Simon est un hokusai. Un métier qui existe si peu qu’il a inventé ce nom, qui évoque pour lui quelque « subalterne japonais », et qui consiste à fournir en citations un écrivain. Cette activité a fini par remplacer celle de « traducteur préalable », celui qui fait un premier jet et propose des alternatives pour les passages difficiles avant que le « traducteur star » ne pose sur le texte quelques touches personnelles et sa signature. Mais, depuis qu’un grand écrivain new-yorkais lui a demandé de l’aider à nourrir son œuvre, il est devenu un « distributeur de citations » à plein temps.
Pourquoi, pendant vingt ans, et pour une somme qu’il juge lui-même « ridicule », a-t-il consacré sa vie à collecter, choisir et envoyer des extraits de toute nature à un unique client ? D’abord, parce que, depuis l’âge de dix-huit ans, il est dévoré de cette passion d’« absorber », de « rassembler toutes les phrases du monde ». Cette gloutonnerie l’a sauvé de la tendance inverse, qui le faisait buter sur la première phrase de chaque livre qu’il ouvrait, bloqué dès l’incipit par tous les possibles entrevus. Et il y a une autre raison : « L’écrivain distant » est son frère.

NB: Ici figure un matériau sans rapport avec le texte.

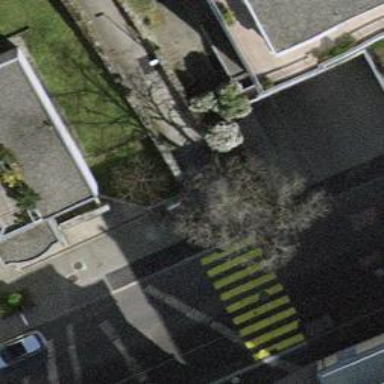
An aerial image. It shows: Asphalt steps with ramp.

Oui, l’auteur culte des « cinq romans rapides », encensé par la critique et plébiscité par le public, n’est autre que Rainer Schneider, frère de Simon Schneider. Il a quitté Barcelone il y a vingt ans, changé de langue, de manière, de nom. Il s’appelle Rainer Bros, « Grand Bros » pour ses fans. Coquetterie ou névrose, il a disparu, comme Thomas Pynchon ou J. D. Salinger. Bros : un pseudo qui signale une étrange conception de la fraternité. Pourtant, malgré la pingrerie des honoraires de Rainer et le ton de ses mails, Simon va continuer cette humiliante collaboration. C’est que Bros, s’il a tout du sale type, est un grand écrivain. Simon l’admire. Il croit surtout qu’il n’est pas pour rien dans la métamorphose de l’obscur écrivaillon catalan qu’il était avant son départ en star mondiale de la littérature. En lui envoyant son lot de citations, il lui adresse des « consignes codées », suggestions, idées pour « structurer ses romans », qu’il a « la surprise de voir arriver à bon port ». « Sans ce supplément caché que (…) j’avais, pour ma part, forgé dans l’ombre, Rainer n’aurait jamais eu la griffe stylistique qu’aujourd’hui personne ne lui conteste. » Et en particulier son sens si personnel de l’intertextualité.
Cette brume insensée, dont Simon est le narrateur, n’est-elle pas un exemple de cette manière de mettre en réseau sa bibliothèque ? Vila-Matas a choisi pour titre un extrait d’un poème de Queneau, lui-même placé par Perec en exergue de chacune des deux parties de W ou le souvenir d’enfance. L’auteur, qui a toujours choisi la littérature pour sujet et même personnage principal de ses livres, ajoute un acte à un drame qui se joue tout au long de son œuvre. Écrire ou ne pas écrire ? Choisir de disparaître ou d’apparaître ? « Rejet radical » ou « foi et bonheur » ? Théorie ou pratique ? Ce dédoublement « psychotique » devient une aventure quand son frère distant lui annonce son arrivée, juste le jour de la proclamation de l’indépendance de la Catalogne. Coïncidence ? On ne sait pas. Ce qu’on sait, c’est que, comme toujours, Vila-Matas excelle à transformer un sujet grave en thriller fantaisiste. Ou vice versa.